A Senaes apóia com dinheiro as grandes entidades que fazem isso, que habilitam os trabalhadores a ficar com a massa falida e a recuperar a empresa em crise, que são a Anteag (Associação Nacional de Trabalhadores em Empresas Auto-geridas) e a Unisol (União e Solidariedade das Cooperativas do Brasil). A nova lei de falências prevê recuperação judicial das empresas e que os trabalhadores sejam reconhecidos como credores da empresa em crise ou falida. Para que haja uma recuperação judicial, os trabalhadores têm que concordar que são um dos três grandes credores – assim como governo e fornecedores. O que quer que aconteça com a empresa em crise, os trabalhadores têm voz ativa. Além disso, há a possibilidade de que os trabalhadores assumam a empresa e a dirijam em autogestão para recuperá-la. A lei zera todo o passivo da empresa se ela for entregue a um novo dono, que pode ser, inclusive, seus ex-empregados.
Essa “outra” economia é mesmo possível?
Eu acho que é. Está acontecendo.
Lula e o PT sempre foram referências para a esquerda latino-americana, mas estão conseguindo fazer um governo de esquerda?

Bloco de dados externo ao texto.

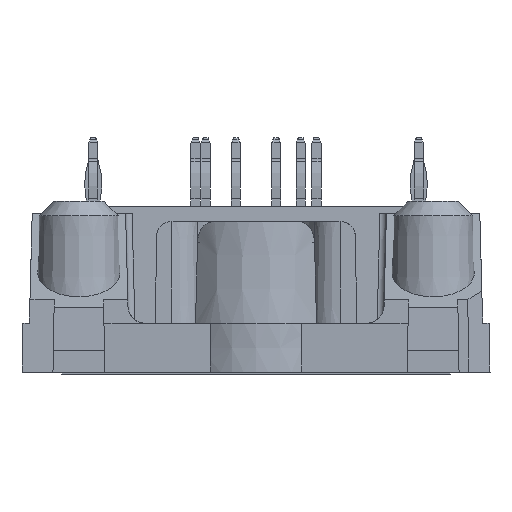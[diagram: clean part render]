
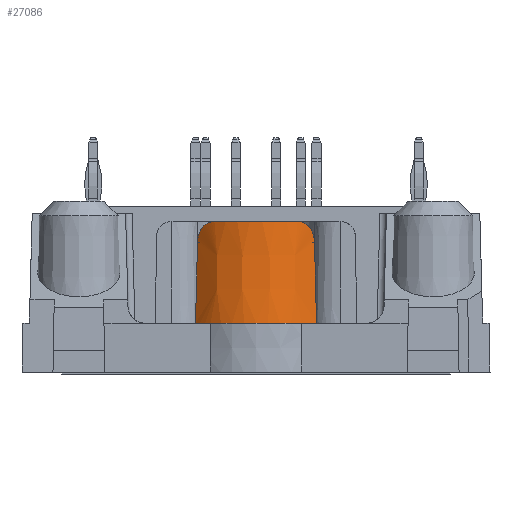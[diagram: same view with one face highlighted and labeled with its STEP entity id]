
A CAD part, left-side view. The second image highlights one B-rep face of the part: STEP entity #27086.
In plain terms, the highlighted conical face has half-angle 1 degrees and reference radius 5.5 mm.
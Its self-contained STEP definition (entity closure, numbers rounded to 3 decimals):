
#22=B_SPLINE_CURVE_WITH_KNOTS('',3,(#36230,#36231,#36232,#36233,#36234),
 .UNSPECIFIED.,.F.,.F.,(4,1,4),(0.,0.001,0.002),
 .UNSPECIFIED.);
#23=B_SPLINE_CURVE_WITH_KNOTS('',3,(#36244,#36245,#36246,#36247,#36248),
 .UNSPECIFIED.,.F.,.F.,(4,1,4),(0.,0.001,0.002),
 .UNSPECIFIED.);
#29=B_SPLINE_CURVE_WITH_KNOTS('',3,(#36438,#36439,#36440,#36441),
 .UNSPECIFIED.,.F.,.F.,(4,4),(0.,0.006),.UNSPECIFIED.);
#32=B_SPLINE_CURVE_WITH_KNOTS('',3,(#36459,#36460,#36461,#36462),
 .UNSPECIFIED.,.F.,.F.,(4,4),(0.,0.006),.UNSPECIFIED.);
#396=CONICAL_SURFACE('',#28275,5.5,0.017);
#526=CIRCLE('',#28200,5.377);
#553=CIRCLE('',#28276,5.5);
#554=CIRCLE('',#28277,5.5);
#555=CIRCLE('',#28278,5.5);
#1562=ORIENTED_EDGE('',*,*,#7360,.T.);
#1563=ORIENTED_EDGE('',*,*,#7361,.F.);
#1564=ORIENTED_EDGE('',*,*,#7362,.F.);
#1565=ORIENTED_EDGE('',*,*,#7363,.F.);
#1566=ORIENTED_EDGE('',*,*,#7354,.F.);
#1567=ORIENTED_EDGE('',*,*,#7275,.F.);
#1568=ORIENTED_EDGE('',*,*,#7272,.T.);
#1569=ORIENTED_EDGE('',*,*,#7270,.F.);
#7270=EDGE_CURVE('',#10198,#10199,#22,.T.);
#7272=EDGE_CURVE('',#10200,#10199,#526,.F.);
#7275=EDGE_CURVE('',#10200,#10202,#23,.T.);
#7354=EDGE_CURVE('',#10202,#10260,#29,.T.);
#7360=EDGE_CURVE('',#10198,#10263,#32,.T.);
#7361=EDGE_CURVE('',#10264,#10263,#553,.T.);
#7362=EDGE_CURVE('',#10265,#10264,#554,.T.);
#7363=EDGE_CURVE('',#10260,#10265,#555,.T.);
#10198=VERTEX_POINT('',#36229);
#10199=VERTEX_POINT('',#36235);
#10200=VERTEX_POINT('',#36239);
#10202=VERTEX_POINT('',#36249);
#10260=VERTEX_POINT('',#36442);
#10263=VERTEX_POINT('',#36458);
#10264=VERTEX_POINT('',#36465);
#10265=VERTEX_POINT('',#36467);
#16255=EDGE_LOOP('',(#1562,#1563,#1564,#1565,#1566,#1567,#1568,#1569));
#17457=FACE_BOUND('',#16255,.T.);
#27086=ADVANCED_FACE('',(#17457),#396,.T.);
#28200=AXIS2_PLACEMENT_3D('',#36238,#30240,#30241);
#28275=AXIS2_PLACEMENT_3D('',#36463,#30430,#30431);
#28276=AXIS2_PLACEMENT_3D('',#36464,#30432,#30433);
#28277=AXIS2_PLACEMENT_3D('',#36466,#30434,#30435);
#28278=AXIS2_PLACEMENT_3D('',#36468,#30436,#30437);
#30240=DIRECTION('',(0.,0.,1.));
#30241=DIRECTION('',(1.,0.,0.));
#30430=DIRECTION('',(0.,0.,-1.));
#30431=DIRECTION('',(-1.,0.,0.));
#30432=DIRECTION('',(0.,0.,-1.));
#30433=DIRECTION('',(-1.,0.,0.));
#30434=DIRECTION('',(0.,0.,-1.));
#30435=DIRECTION('',(-1.,0.,0.));
#30436=DIRECTION('',(0.,0.,-1.));
#30437=DIRECTION('',(-1.,0.,0.));
#36229=CARTESIAN_POINT('',(-31.061,4.063,8.976));
#36230=CARTESIAN_POINT('',(-31.061,4.063,8.976));
#36231=CARTESIAN_POINT('',(-31.061,4.054,9.372));
#36232=CARTESIAN_POINT('',(-31.318,3.829,10.144));
#36233=CARTESIAN_POINT('',(-31.821,3.224,10.45));
#36234=CARTESIAN_POINT('',(-32.034,2.89,10.45));
#36235=CARTESIAN_POINT('',(-32.034,2.89,10.45));
#36238=CARTESIAN_POINT('',(-27.5,0.,10.45));
#36239=CARTESIAN_POINT('',(-32.034,-2.89,10.45));
#36244=CARTESIAN_POINT('',(-32.034,-2.89,10.45));
#36245=CARTESIAN_POINT('',(-31.821,-3.224,10.45));
#36246=CARTESIAN_POINT('',(-31.319,-3.827,10.146));
#36247=CARTESIAN_POINT('',(-31.061,-4.054,9.372));
#36248=CARTESIAN_POINT('',(-31.061,-4.063,8.976));
#36249=CARTESIAN_POINT('',(-31.061,-4.063,8.976));
#36438=CARTESIAN_POINT('',(-31.061,-4.063,8.976));
#36439=CARTESIAN_POINT('',(-31.057,-4.11,7.117));
#36440=CARTESIAN_POINT('',(-31.053,-4.156,5.259));
#36441=CARTESIAN_POINT('',(-31.049,-4.201,3.4));
#36442=CARTESIAN_POINT('',(-31.049,-4.201,3.4));
#36458=CARTESIAN_POINT('',(-31.049,4.201,3.4));
#36459=CARTESIAN_POINT('',(-31.061,4.063,8.976));
#36460=CARTESIAN_POINT('',(-31.057,4.11,7.117));
#36461=CARTESIAN_POINT('',(-31.053,4.156,5.259));
#36462=CARTESIAN_POINT('',(-31.049,4.201,3.4));
#36463=CARTESIAN_POINT('',(-27.5,0.,3.4));
#36464=CARTESIAN_POINT('',(-27.5,0.,3.4));
#36465=CARTESIAN_POINT('',(-32.,3.162,3.4));
#36466=CARTESIAN_POINT('',(-27.5,0.,3.4));
#36467=CARTESIAN_POINT('',(-32.,-3.162,3.4));
#36468=CARTESIAN_POINT('',(-27.5,0.,3.4));

Esquerda é, na verdade, a luta contra a desigualdade, a miséria, a morte desnecessária, a exploração. Nesse sentido, o Bolsa Família é a principal ação, pelas suas dimensões e significados. Por isso teve repercussão internacional. Mas o governo Lula tomou muitas medidas que são progressistas do ponto de vista de esquerda. Talvez uma das mais importantes, em breve, vá ser a lei geral da micro e pequena empresa. Ela permitirá que as pequenas firmas, de baixa renda, paguem apenas uma fração desses impostos todos indiretos e diretos que existem. É uma forma de atrair para a formalidade empresas muito pobres e uma medida de grande impacto social. Deve entrar em vigor este ano, tem muito apoio no parlamento. É como o Simples, do Fernando Henrique, só que elevado a enésima potência. O Lula faz muito isso: pega coisas que o Fernando Henrique começou a fazer numa escala insignificante e transforma em programa social significativo.